In order to solve the technical problems, the invention adopts the following technical scheme:
a continuous identity authentication method based on mouse behavior time-frequency joint analysis comprises the following steps:
s1, continuously collecting a user mouse behavior data set;
s2, extracting mouse motion behavior time domain characteristics and mouse motion behavior frequency domain characteristics from the user mouse behavior data set;
s3, generating time-frequency domain characteristics of the mouse behavior of the user based on the time-domain characteristics of the mouse behavior and the frequency-domain characteristics of the mouse behavior;
s4, inputting the time-frequency domain characteristics of the user mouse behavior into a trusted interaction model to obtain a corresponding trust value;
and S5, locking the user when the trust value is less than or equal to the locking threshold value.
Preferably, step S2 includes:
s201, preprocessing data in a user mouse behavior data set, deleting repeated values and null values, and sequencing according to a time sequence;
s202, calculating time domain characteristics of mouse movement behaviors based on the relation between mouse positions and time in a user mouse behavior data set;
s203, calculating the instantaneous frequency and the instantaneous energy of the characteristics related to time in the time domain characteristics of the mouse movement behaviors by using the HHT algorithm to obtain the frequency domain characteristics of the mouse movement behaviors.

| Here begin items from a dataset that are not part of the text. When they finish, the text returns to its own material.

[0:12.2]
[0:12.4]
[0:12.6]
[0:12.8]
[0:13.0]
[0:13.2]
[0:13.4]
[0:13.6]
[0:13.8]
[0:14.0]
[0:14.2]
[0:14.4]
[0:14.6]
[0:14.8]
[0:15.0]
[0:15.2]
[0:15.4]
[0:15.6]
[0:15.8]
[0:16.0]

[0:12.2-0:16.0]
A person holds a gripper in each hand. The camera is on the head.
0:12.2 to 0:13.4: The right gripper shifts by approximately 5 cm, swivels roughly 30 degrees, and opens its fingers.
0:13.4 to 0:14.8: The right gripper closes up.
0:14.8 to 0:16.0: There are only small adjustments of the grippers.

Preferably, in step S203, the IMF filtering rule includes: 70% of the instantaneous frequency in the high frequency component is lower than 13 Hz; the 50% instantaneous frequency in the low frequency component is higher than 0.5 Hz.
Preferably, step S3 includes:
s301, dividing a plurality of motion segments at intervals based on different mouse operation behaviors;
s302, generating corresponding user mouse behavior time-frequency domain characteristics based on the mouse motion behavior time-domain characteristics and the mouse motion behavior frequency-domain characteristics corresponding to each motion segment.

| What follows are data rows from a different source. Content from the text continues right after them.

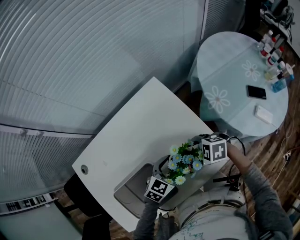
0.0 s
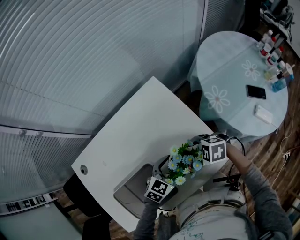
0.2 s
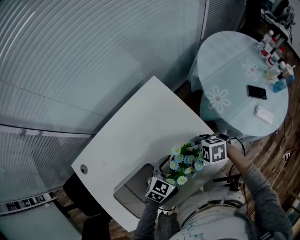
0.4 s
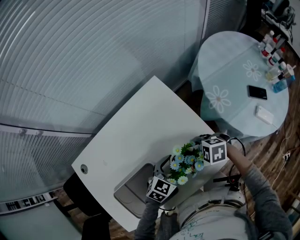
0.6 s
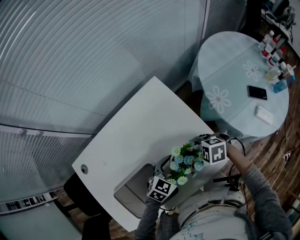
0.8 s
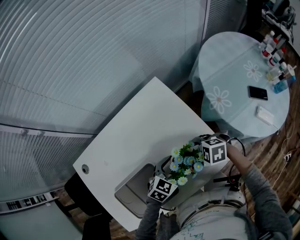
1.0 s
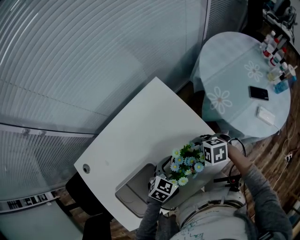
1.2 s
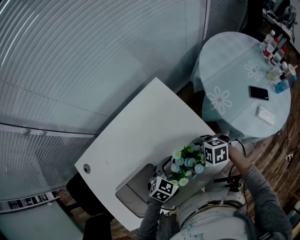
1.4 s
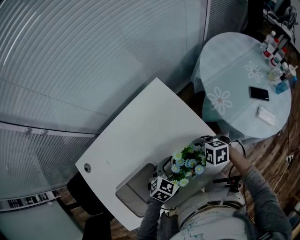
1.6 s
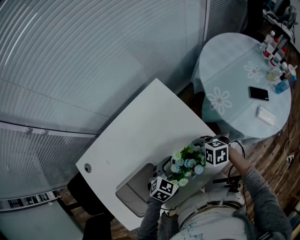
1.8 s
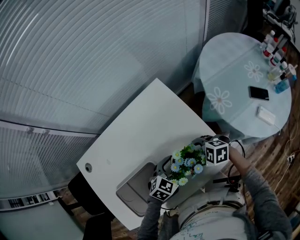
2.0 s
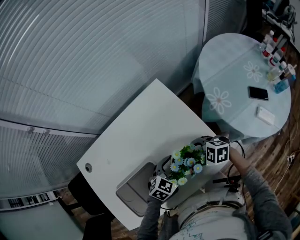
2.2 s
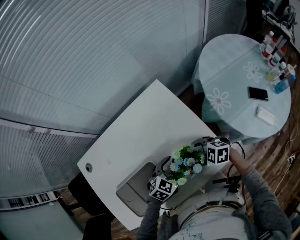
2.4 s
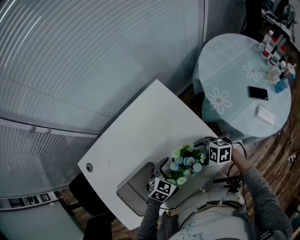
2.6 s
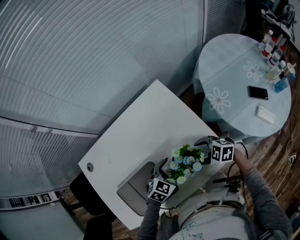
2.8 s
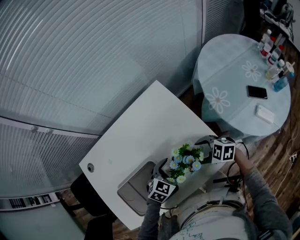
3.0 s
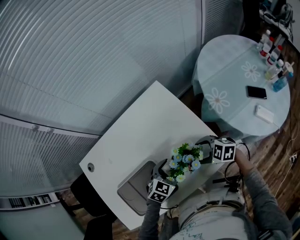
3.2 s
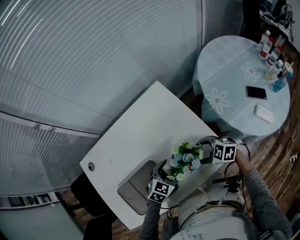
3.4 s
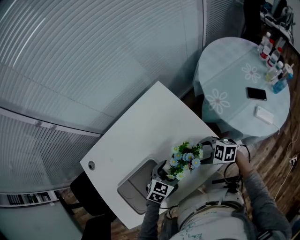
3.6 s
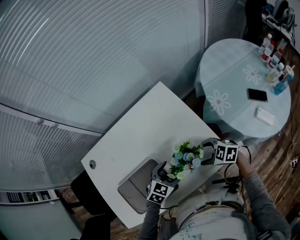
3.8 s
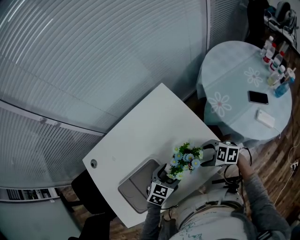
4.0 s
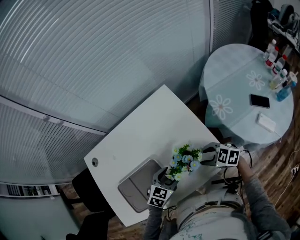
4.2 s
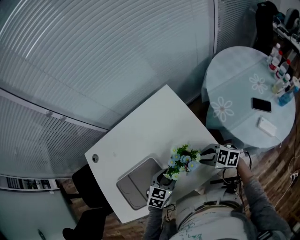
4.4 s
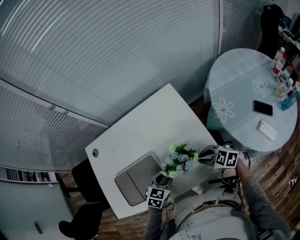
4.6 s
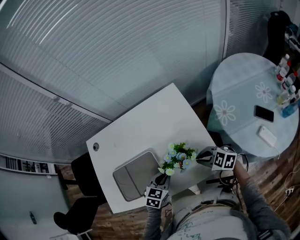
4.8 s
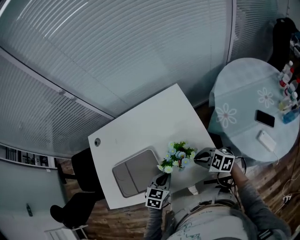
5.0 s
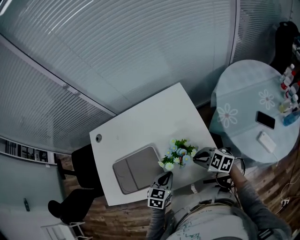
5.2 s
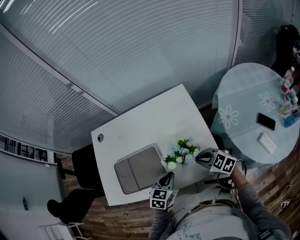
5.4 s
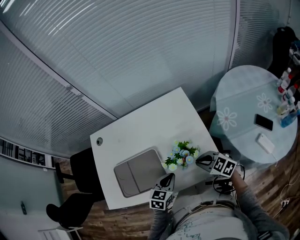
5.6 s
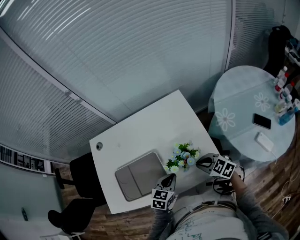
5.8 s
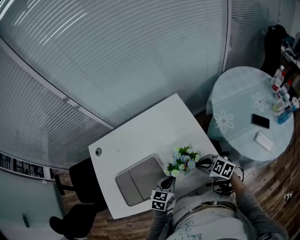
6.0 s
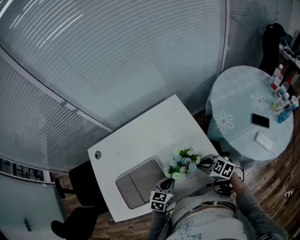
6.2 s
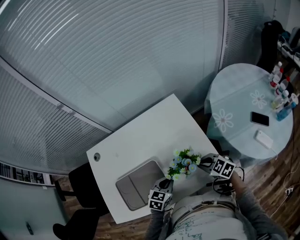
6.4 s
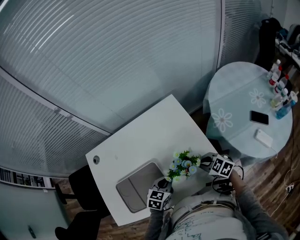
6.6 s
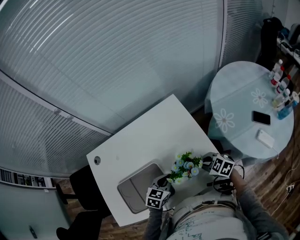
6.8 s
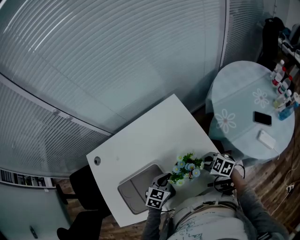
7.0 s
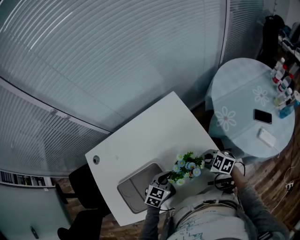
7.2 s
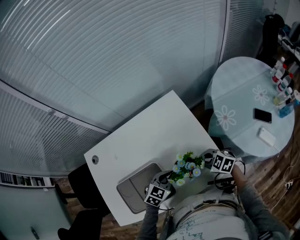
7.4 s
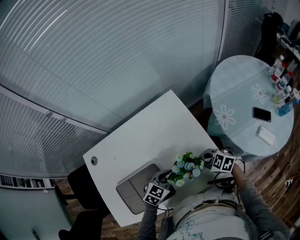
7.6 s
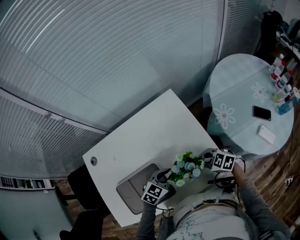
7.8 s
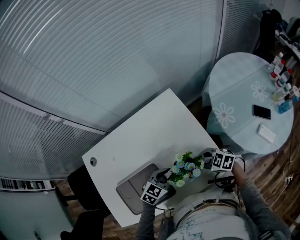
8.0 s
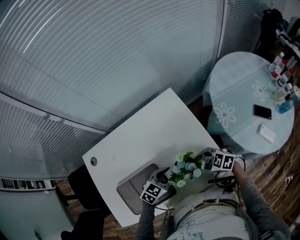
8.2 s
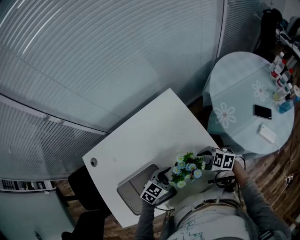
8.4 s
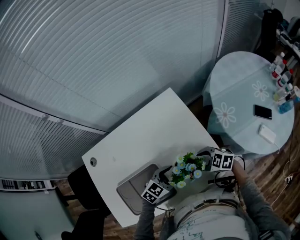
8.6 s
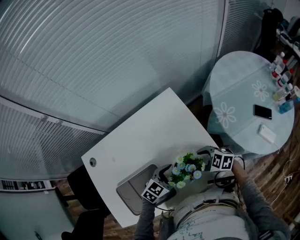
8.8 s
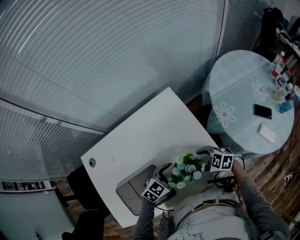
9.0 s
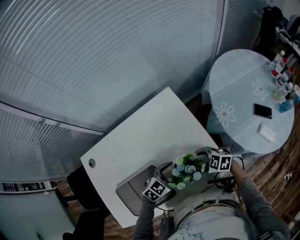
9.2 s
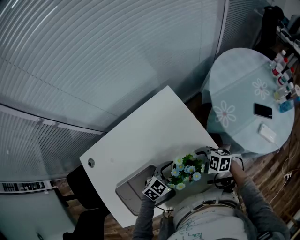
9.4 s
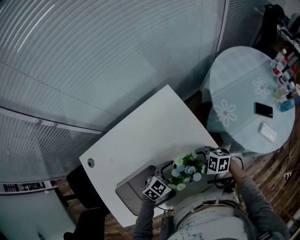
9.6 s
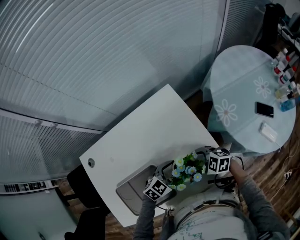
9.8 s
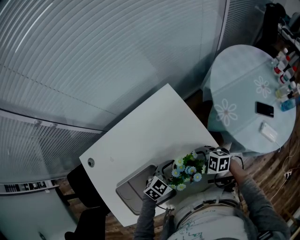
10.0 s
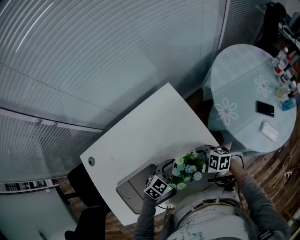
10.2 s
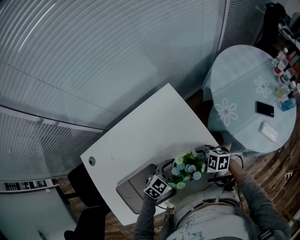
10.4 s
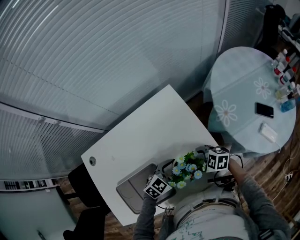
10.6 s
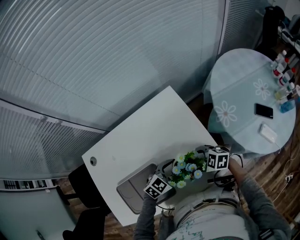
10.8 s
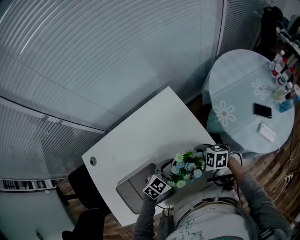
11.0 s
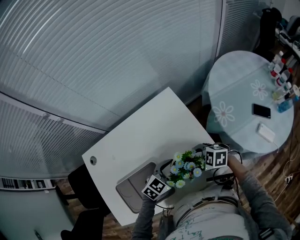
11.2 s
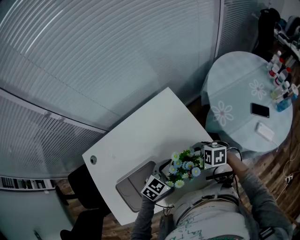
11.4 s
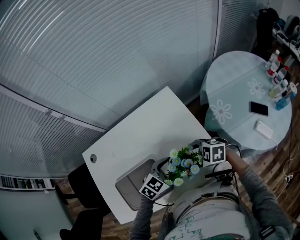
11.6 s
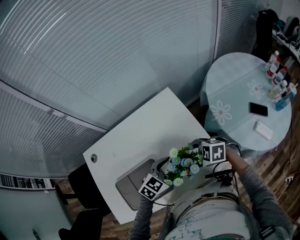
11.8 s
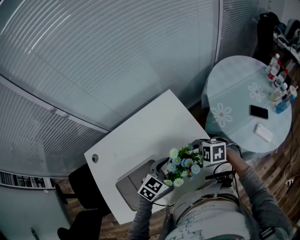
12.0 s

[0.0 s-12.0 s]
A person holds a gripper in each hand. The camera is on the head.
0.0 to 3.0 s: The grippers make only small movements.
3.0 to 4.4 s: The right gripper closes up; the left gripper closes.
4.4 to 6.0 s: The left gripper closes.
6.0 to 7.6 s: The left gripper ends up approximately 5 cm from where it was, and turns by approximately 20 degrees; the right gripper changes place by roughly 5 cm.
7.6 to 9.0 s: The right gripper opens its fingers. Meanwhile the left gripper opens its fingers.
9.0 to 10.4 s: The grippers make only small movements.
10.4 to 12.0 s: The grippers both shift upward by some 10 cm.

Preferably, step S4 includes:
s401, inputting the time-frequency domain characteristics of the user mouse behavior corresponding to each motion segment into a regression model, and generating a deviation value between the time-frequency domain characteristics of the user mouse behavior corresponding to each motion segment and a real user behavior mode template;
s402, inputting the deviation value into a credible interaction model, and generating a corresponding reward value or penalty value based on the difference value of the deviation value and a reward or penalty threshold value;
and S403, updating the user identity trust value based on the reward value or the penalty value, and locking the user when the user identity trust value is lower than a locking threshold value.
Preferably, when the user identity trust value is updated based on the reward value after the user identity trust value reaches the upper limit, the user identity trust value is not increased any more.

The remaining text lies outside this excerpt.